Datasets First! A Bottom-up Data Linking Paradigm

The following great innovative idea is from Konstantin Todorov from the University of Montpellier and a researcher at the LIRMM laboratory within the FADO group. Todorov was one of the Blue Sky Awards at ISWC 2019 for his paper called Datasets First! A Bottom-up Data Linking Paradigm.

The Idea

Data linking is understood as the task of establishing typed links between entities across different knowledge graphs via the help of automatic link discovery systems. We argue that the current generic approach to develop data linking solutions has reached its limits and suggest that a paradigm shift in the way we look onto this task needs to take place.
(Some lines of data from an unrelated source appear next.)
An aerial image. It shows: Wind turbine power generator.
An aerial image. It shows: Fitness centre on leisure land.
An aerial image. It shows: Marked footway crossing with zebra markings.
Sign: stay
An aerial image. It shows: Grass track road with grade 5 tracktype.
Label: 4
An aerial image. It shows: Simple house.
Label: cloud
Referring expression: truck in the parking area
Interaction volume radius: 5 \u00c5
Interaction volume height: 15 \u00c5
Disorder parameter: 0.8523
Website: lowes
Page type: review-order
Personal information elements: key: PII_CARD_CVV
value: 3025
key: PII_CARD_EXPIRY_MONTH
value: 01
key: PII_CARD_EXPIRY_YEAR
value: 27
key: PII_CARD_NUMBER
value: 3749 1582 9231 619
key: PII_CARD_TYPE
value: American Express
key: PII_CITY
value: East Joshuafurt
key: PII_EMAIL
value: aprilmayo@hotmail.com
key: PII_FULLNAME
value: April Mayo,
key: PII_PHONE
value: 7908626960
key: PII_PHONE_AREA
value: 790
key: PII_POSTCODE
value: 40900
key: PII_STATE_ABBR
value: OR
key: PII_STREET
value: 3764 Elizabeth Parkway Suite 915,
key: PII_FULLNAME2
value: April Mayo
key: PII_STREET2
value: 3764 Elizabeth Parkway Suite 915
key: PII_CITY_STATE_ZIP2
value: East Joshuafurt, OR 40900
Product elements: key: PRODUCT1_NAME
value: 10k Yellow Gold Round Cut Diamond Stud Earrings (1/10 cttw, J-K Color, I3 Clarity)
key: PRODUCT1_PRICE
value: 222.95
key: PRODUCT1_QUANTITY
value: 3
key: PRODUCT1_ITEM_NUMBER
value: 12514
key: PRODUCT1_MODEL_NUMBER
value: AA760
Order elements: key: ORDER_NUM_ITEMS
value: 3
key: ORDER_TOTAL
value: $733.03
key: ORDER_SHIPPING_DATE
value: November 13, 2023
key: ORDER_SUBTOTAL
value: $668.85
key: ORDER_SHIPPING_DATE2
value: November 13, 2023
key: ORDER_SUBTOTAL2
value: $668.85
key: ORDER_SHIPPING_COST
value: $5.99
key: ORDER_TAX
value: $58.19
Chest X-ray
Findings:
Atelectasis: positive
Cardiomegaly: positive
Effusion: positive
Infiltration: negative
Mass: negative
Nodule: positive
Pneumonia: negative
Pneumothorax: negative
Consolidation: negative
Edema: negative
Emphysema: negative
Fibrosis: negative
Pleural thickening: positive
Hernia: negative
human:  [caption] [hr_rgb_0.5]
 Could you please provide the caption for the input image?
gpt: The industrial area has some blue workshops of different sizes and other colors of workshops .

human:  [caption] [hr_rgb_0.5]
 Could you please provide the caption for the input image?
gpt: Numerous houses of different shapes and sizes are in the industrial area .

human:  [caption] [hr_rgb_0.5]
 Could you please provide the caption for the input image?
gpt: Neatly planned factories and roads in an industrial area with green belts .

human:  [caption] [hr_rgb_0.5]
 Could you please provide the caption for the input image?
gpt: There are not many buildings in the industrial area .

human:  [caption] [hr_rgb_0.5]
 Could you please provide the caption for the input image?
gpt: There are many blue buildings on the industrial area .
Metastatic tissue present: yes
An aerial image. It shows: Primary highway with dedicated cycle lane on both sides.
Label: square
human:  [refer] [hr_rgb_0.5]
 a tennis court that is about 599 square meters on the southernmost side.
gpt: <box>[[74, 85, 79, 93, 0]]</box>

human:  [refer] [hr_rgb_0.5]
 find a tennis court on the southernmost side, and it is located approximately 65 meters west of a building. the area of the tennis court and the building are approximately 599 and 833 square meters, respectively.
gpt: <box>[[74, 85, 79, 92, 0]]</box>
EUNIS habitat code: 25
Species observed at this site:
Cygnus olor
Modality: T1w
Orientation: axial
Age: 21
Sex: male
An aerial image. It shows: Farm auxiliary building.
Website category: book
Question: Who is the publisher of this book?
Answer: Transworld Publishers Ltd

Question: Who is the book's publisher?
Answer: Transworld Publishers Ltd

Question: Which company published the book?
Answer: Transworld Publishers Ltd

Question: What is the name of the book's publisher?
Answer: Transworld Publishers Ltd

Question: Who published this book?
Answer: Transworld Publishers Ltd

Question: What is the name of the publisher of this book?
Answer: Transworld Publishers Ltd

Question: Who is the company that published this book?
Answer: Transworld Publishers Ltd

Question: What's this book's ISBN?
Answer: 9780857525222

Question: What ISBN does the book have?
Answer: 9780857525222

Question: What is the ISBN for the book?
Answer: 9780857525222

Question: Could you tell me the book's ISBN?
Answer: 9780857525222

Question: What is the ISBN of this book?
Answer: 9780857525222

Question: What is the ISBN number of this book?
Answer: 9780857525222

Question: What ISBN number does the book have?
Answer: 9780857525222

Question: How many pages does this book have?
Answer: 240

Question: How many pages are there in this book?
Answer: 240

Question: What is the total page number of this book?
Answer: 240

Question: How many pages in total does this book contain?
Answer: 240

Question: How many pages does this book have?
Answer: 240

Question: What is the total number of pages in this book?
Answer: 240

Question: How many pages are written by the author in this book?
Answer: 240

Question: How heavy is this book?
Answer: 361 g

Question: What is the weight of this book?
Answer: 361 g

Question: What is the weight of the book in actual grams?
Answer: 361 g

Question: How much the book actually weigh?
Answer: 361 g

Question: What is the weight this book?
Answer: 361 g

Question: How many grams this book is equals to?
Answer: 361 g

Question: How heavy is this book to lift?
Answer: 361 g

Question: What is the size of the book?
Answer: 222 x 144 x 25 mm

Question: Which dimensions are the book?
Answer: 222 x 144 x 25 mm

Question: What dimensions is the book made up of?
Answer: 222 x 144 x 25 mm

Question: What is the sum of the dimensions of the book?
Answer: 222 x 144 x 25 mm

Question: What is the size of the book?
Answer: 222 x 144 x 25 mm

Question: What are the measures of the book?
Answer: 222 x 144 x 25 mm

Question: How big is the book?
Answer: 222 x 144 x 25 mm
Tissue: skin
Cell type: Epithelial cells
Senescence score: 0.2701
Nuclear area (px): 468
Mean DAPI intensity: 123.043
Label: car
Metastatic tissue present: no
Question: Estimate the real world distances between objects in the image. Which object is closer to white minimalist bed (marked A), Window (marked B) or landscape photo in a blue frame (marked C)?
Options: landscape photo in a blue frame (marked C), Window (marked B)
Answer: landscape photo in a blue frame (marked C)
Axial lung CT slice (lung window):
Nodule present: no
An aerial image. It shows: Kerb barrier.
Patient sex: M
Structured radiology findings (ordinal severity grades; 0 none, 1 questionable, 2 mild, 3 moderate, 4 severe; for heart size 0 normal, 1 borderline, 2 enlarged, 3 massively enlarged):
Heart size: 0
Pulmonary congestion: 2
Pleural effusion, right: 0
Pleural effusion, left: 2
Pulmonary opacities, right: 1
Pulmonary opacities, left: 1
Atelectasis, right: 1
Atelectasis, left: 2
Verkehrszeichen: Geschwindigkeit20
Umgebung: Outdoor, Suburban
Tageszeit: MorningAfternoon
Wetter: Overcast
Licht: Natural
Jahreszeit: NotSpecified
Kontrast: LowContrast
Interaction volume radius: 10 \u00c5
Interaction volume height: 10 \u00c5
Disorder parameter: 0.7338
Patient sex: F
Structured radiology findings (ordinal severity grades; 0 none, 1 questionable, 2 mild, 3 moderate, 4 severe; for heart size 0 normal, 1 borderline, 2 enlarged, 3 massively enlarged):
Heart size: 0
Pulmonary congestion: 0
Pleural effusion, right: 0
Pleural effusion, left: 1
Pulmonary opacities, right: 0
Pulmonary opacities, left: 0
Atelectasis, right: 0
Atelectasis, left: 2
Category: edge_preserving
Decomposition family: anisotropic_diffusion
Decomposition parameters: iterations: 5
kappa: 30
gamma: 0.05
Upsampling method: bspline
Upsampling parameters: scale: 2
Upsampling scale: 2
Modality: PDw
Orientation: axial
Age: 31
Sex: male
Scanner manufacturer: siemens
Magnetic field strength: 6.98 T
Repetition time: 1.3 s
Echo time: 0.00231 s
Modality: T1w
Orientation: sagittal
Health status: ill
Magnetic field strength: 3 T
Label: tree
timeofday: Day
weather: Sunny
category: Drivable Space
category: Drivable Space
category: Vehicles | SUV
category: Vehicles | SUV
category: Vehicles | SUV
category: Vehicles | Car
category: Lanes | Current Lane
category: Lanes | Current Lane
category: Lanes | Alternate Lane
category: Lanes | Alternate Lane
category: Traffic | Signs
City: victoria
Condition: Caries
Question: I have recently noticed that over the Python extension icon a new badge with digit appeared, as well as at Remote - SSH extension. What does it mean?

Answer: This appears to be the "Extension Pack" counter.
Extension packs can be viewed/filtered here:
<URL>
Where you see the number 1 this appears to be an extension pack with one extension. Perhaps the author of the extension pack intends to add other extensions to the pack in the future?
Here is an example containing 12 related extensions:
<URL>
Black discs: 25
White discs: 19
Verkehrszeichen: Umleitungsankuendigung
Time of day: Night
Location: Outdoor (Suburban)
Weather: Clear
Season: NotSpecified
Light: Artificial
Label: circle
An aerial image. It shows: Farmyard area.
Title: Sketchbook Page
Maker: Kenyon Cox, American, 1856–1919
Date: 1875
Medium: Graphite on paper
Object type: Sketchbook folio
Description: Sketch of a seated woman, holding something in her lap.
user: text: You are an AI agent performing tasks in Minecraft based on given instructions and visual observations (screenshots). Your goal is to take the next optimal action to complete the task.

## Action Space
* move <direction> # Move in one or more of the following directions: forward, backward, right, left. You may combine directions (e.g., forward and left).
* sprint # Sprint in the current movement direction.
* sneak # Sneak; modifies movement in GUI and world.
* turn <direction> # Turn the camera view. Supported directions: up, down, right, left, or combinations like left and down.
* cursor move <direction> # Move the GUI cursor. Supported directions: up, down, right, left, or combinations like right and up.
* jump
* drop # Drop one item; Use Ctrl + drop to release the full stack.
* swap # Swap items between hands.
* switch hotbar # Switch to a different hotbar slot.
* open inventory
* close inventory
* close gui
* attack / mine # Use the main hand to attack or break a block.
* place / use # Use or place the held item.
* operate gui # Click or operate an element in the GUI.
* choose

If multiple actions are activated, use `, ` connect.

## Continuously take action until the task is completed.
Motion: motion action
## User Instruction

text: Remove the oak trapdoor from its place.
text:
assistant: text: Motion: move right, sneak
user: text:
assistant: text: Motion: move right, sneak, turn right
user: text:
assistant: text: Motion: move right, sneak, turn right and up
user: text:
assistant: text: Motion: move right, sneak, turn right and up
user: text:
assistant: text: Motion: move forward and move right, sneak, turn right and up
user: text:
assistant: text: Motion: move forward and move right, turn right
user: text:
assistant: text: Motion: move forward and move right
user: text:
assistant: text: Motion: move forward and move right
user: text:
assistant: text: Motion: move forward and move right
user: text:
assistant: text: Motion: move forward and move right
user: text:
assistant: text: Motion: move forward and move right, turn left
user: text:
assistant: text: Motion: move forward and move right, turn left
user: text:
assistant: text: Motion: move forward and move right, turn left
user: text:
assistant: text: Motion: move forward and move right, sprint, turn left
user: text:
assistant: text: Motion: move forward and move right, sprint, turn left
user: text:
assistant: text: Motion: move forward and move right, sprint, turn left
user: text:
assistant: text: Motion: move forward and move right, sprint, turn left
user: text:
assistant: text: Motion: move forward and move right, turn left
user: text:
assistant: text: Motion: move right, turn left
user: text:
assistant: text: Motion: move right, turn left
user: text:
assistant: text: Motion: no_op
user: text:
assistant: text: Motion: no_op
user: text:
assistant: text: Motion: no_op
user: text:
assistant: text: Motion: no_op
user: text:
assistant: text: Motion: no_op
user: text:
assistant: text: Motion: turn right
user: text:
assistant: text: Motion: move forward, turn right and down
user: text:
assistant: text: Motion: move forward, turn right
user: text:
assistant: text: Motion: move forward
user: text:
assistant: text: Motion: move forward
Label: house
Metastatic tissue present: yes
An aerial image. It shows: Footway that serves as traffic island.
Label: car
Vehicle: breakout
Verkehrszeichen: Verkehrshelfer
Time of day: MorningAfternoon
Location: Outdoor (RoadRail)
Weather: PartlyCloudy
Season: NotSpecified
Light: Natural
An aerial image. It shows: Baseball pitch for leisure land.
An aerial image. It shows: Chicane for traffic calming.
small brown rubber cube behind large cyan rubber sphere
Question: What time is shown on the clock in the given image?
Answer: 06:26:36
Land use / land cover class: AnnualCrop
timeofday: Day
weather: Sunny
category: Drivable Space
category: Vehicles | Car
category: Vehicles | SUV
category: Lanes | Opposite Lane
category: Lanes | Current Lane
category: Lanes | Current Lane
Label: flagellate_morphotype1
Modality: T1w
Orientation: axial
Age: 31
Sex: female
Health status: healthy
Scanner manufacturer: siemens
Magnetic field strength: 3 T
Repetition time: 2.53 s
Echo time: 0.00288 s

We propose to enable the development of data-centric approaches for bottom-up linking: instead of trying to fit a generic top-down solution to any linking problem and datasets type, we suggest to enable a better understanding of the underlying data before applying a targeted solution best suited to the particular knowledge graphs at hand. After years of research in the field, time has come to step back and look at what we can learn from the large amount of existing cross-dataset links and linking systems. We redefine the linking task as the automatic identification via machine learning techniques of the linking problem type(s) that two knwoledge graphs manifest and the application of an automatically generated (combination of) atomic linking solutions that are best fit for the graphs at hand.

Impact

The hypothesis is that a data-centric approach will improve both the efficiency and effectiveness of the linking process. In addition, channelizing the so far decentralised and top-down endeavours into the data linking problem will foster and facilitate the application of linked data technologies within and across an even larger variety of domains and will ultimately free the domain expert of the technological burden.

Other Research

My research lies in the field of Artificial Intelligence and particularly knowledge representation, Web data linking, knowledge graphs and Web search with applications in the cultural heritage, social science and agro-bio domains (e.g. http://data.doremus.org/). Recently, I’ve taken interest in the problem of modelling and analysing online discourse data. This includes the extraction, verification and consolidation of information about claims on controversial topics, the associated viewpoints, sources and web-documents, their structuring and encapsulation into knowledge graphs in support of the understanding and analysis of societal debates (https://data.gesis.org/claimskg/site/#about).

Researcher’s Background

I’m an Associate Professor for Computer Science at the University of Montpellier (France) since 2012. I used to be a postdoctoral fellow at the MAS Laboratory at the Ecole Centrale Paris (France) between 2009 and 2012, where I worked on multimedia semantics. I received a PhD in Cognitive Science from the University of Osnabrueck (Germany) in 2010. Several years before that, I obtained a MSc in Applied Mathematics (Statistical Learning) from the University of Provence in Marseille.